Lately, the Parliament has also witnessed stormy scenes on legislators demanding an increase in their salaries. Certainly, the respected Members of Parliament have the right to raise their voice on what they feel concerned about. Democratically, as elected representatives of the people, it is also their duty to draw the government and the country’s attention to issues which disturb them: whether it is the farmers’ agitation in UP, their own grievance over their pay-packet or some other problem.

One, however, remains a little stunned at the strong alacrity and vehemence with which the respected legislators have raised their voice over these two issues. Certainly, politics aside, there is a humane angle to their expressing anger over the death of three farmers because of police firing in UP. But why has the same political spirit not been displayed regarding the civilian deaths in Jammu and Kashmir? More than 60 Kashmiris, mostly young boys and girls, have fallen victims to state-controlled bullets in Kashmir since June 11. What has silenced the humane approach regarding deaths in Kashmir, which has been displayed strongly by our politicians over farmers’ death in UP? Till date, it has not been clear whether the relatives of those killed in Kashmir are ever going to receive any compensation or not. What has prevented the elected representatives in raising their voice demanding explanation on this?

Certainly, some political noise regarding Kashmir was noted a day after the shoe was thrown at J&K Chief Minister Omar Abdullah by a suspended police officer. The shoe missed its target and landed on the ground, without hitting anybody. The security personnel quickly took away the shoe thrower and the Independence Day programme continued as scheduled. Though Abdullah decided to pardon the shoe-thrower, 15 officers were suspended for the security lapse which led the incident to take place. This draws attention to another, largely ignored angle of the present Kashmir crisis. Fifteen have been suspended for the shoe-throwing incident in which nobody was killed or injured. What action, if any, has been taken against those allegedly responsible for the deaths of more than 60 unarmed young Kashmiri protestors? What has led the respected members of Parliament to remain virtually silent over these aspects of Kashmir crisis? If the death of three farmers in UP and agitation over farmers not receiving due compensation could prompt the legislators to loudly voice their stand in the Parliament, why have they not been engaged in a similar move over more than 60 deaths in Kashmir?

In case of UP, the parliamentarians have lived up to their democratic and political obligations as well as duties well enough to earn considerable media coverage and also pressurise the state government to pay greater attention to the farmers’ protest. What has happened to their obligations and duties, democratically and in the national interest where Indian Kashmiris are concerned? After all, they are expected to pay some attention to the turmoil that Kashmiris have faced in the recent weeks? If they can spare time and use political strategy to demand a hike in their pay packets, surely they can voice some concern about problems being faced by Indian Kashmiris.

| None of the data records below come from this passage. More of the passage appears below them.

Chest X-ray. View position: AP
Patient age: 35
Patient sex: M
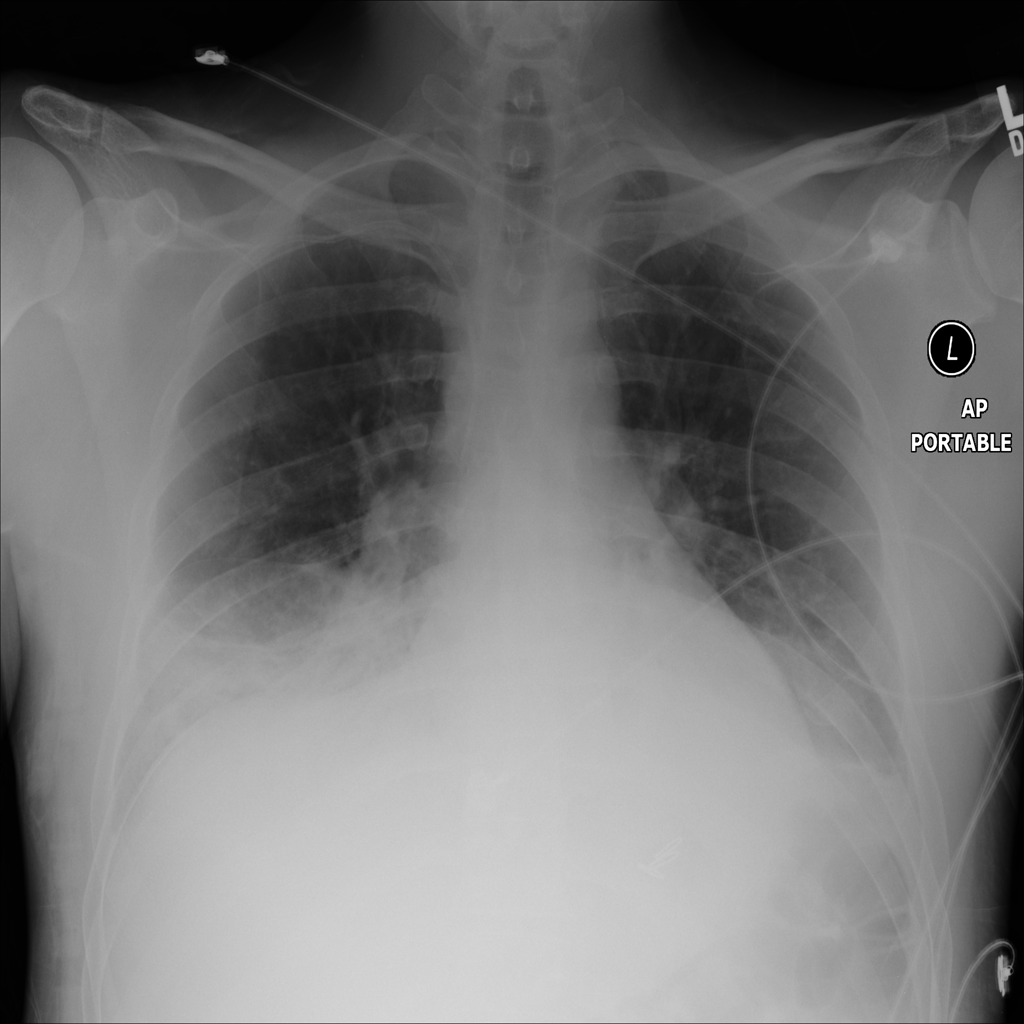
Finding: Pneumothorax
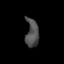
Tissue: skin
Cell type: Endothelial cells
Senescence score: 0.8758
Nuclear area (px): 355
Mean DAPI intensity: 78.893
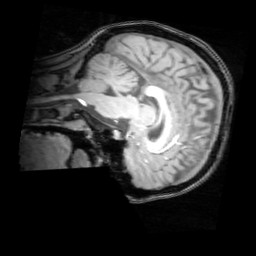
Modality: T1w
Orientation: sagittal
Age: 20
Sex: female
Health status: healthy
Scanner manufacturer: philips
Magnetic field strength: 3 T
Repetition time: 0.012 s
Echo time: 0.0037 s
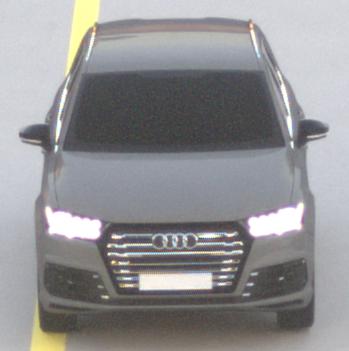
Make: Audi
Model: SQ7
Detailed model: -
Model produced from: 2016
Model produced until: 2018
Doors: 5
Color: gray
Road condition: dry road
Daytime: sunrise or sunset
Contrast: low contrast
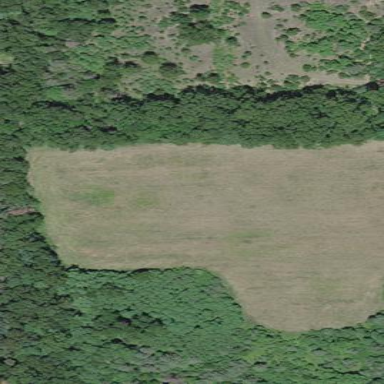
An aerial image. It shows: Wildlife opening in meadow area.
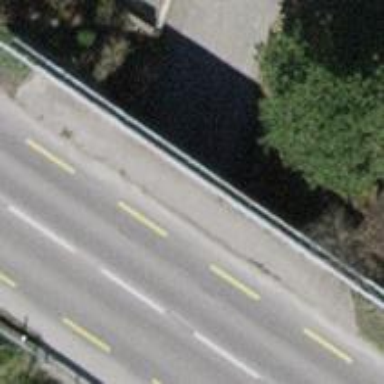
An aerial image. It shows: Unclassified road passing through tunnel with asphalt surface.
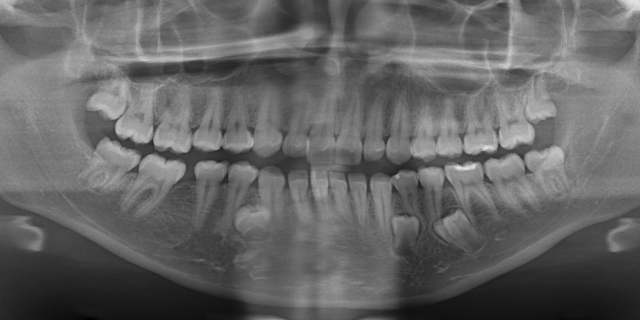
adult
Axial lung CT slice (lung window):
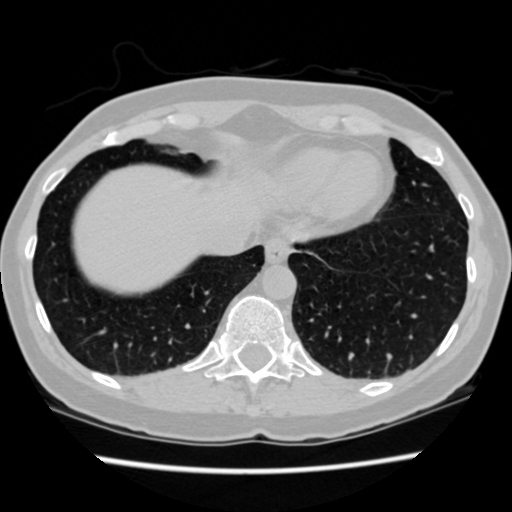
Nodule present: no
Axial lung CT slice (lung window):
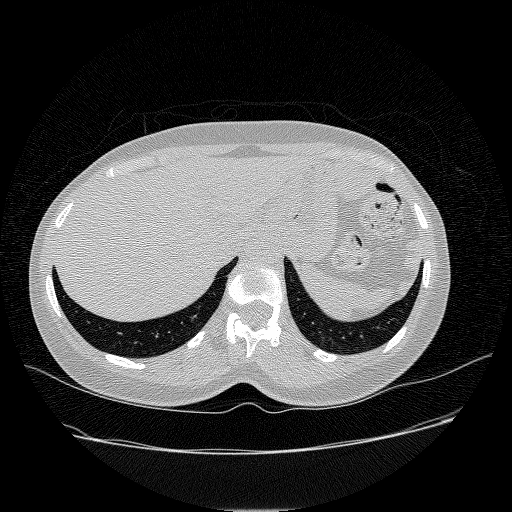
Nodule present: no
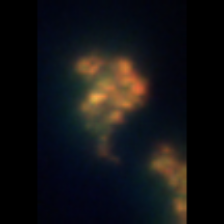
Taxon: Unknown_detritus
Group: Unknown
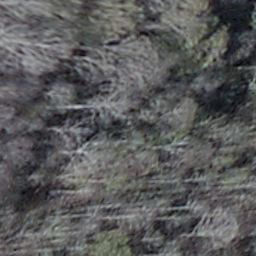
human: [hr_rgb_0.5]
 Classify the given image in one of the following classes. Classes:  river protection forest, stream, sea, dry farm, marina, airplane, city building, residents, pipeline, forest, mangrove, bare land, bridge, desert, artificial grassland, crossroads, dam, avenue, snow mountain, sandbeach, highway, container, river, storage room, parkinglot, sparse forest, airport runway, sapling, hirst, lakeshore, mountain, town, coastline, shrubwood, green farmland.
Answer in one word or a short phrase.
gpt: shrubwood
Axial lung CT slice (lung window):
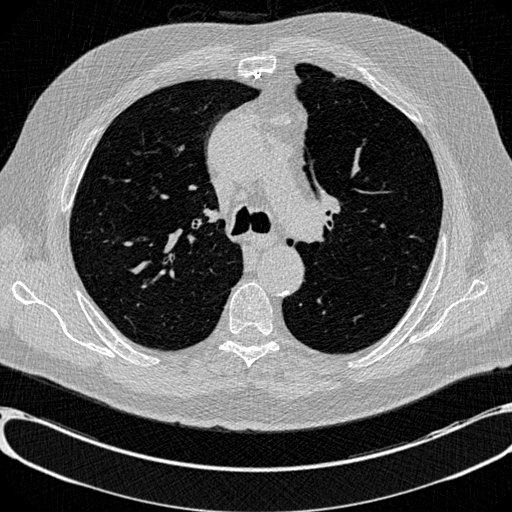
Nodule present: no
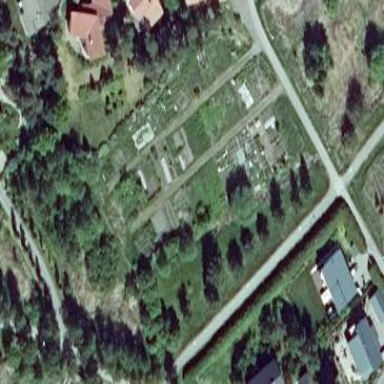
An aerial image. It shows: Allotments area.
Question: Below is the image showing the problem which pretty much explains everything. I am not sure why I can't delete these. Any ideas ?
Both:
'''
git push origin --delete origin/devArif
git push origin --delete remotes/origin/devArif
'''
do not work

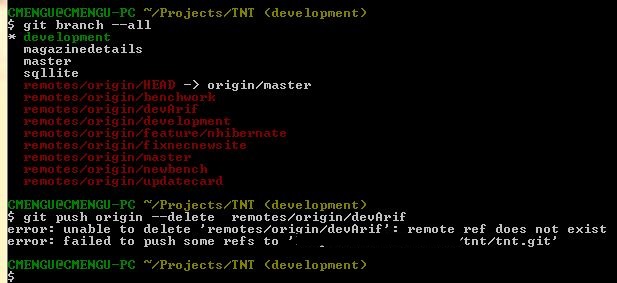
Answer: Use 'git fetch --prune' to delete remote branches which do not exist on the remote anymore.
You can't delete 'origin/devArif' (you pushed, hence it's a remote operation) because it does not exists on 'origin'.
To delete the local information that on some point in time a branch 'devArif' existed on 'origin', you need to do 'fetch --prune', which syncs your known remote branches with the state on 'origin'.
If someone deletes a branch on a remote that information won't automatically replicate downstream (same with tags). If you delete that branch on remote yourself ('git push origin :devArif'), that happens automatically for your repo only.
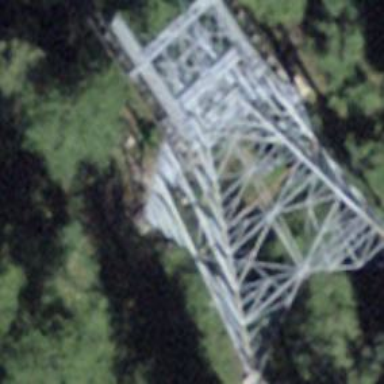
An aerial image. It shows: Pylon for aerialway.
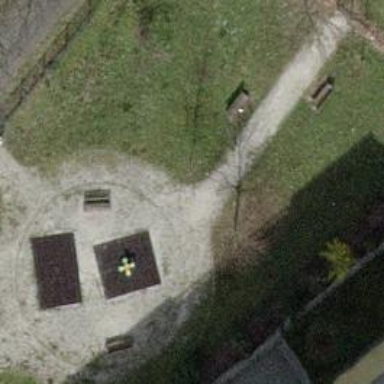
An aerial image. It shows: Playground area for leisure land.
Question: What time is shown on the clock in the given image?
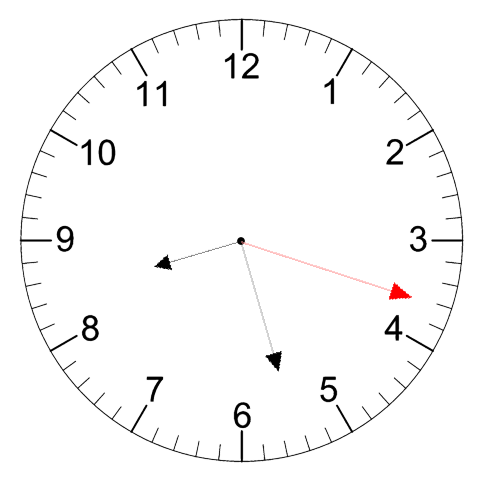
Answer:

The hard truth is that sheer political interest, focusing on their own personal and political gains, have prompted them to make noise over the farmers’ agitation in UP and their own pay hike. Sadly, the Kashmir issue does not fit in the priorities of most legislators – personally, politically and/or even from the humanitarian angle. Constitutional obligations, duties as well as values that elected representatives are expected to give some importance are apparently preferred being ignored where Kashmiri Muslims’ grievances are concerned. This reflects a severe lacuna in Indian politics at the parliamentary level which must be taken care of before it is too late!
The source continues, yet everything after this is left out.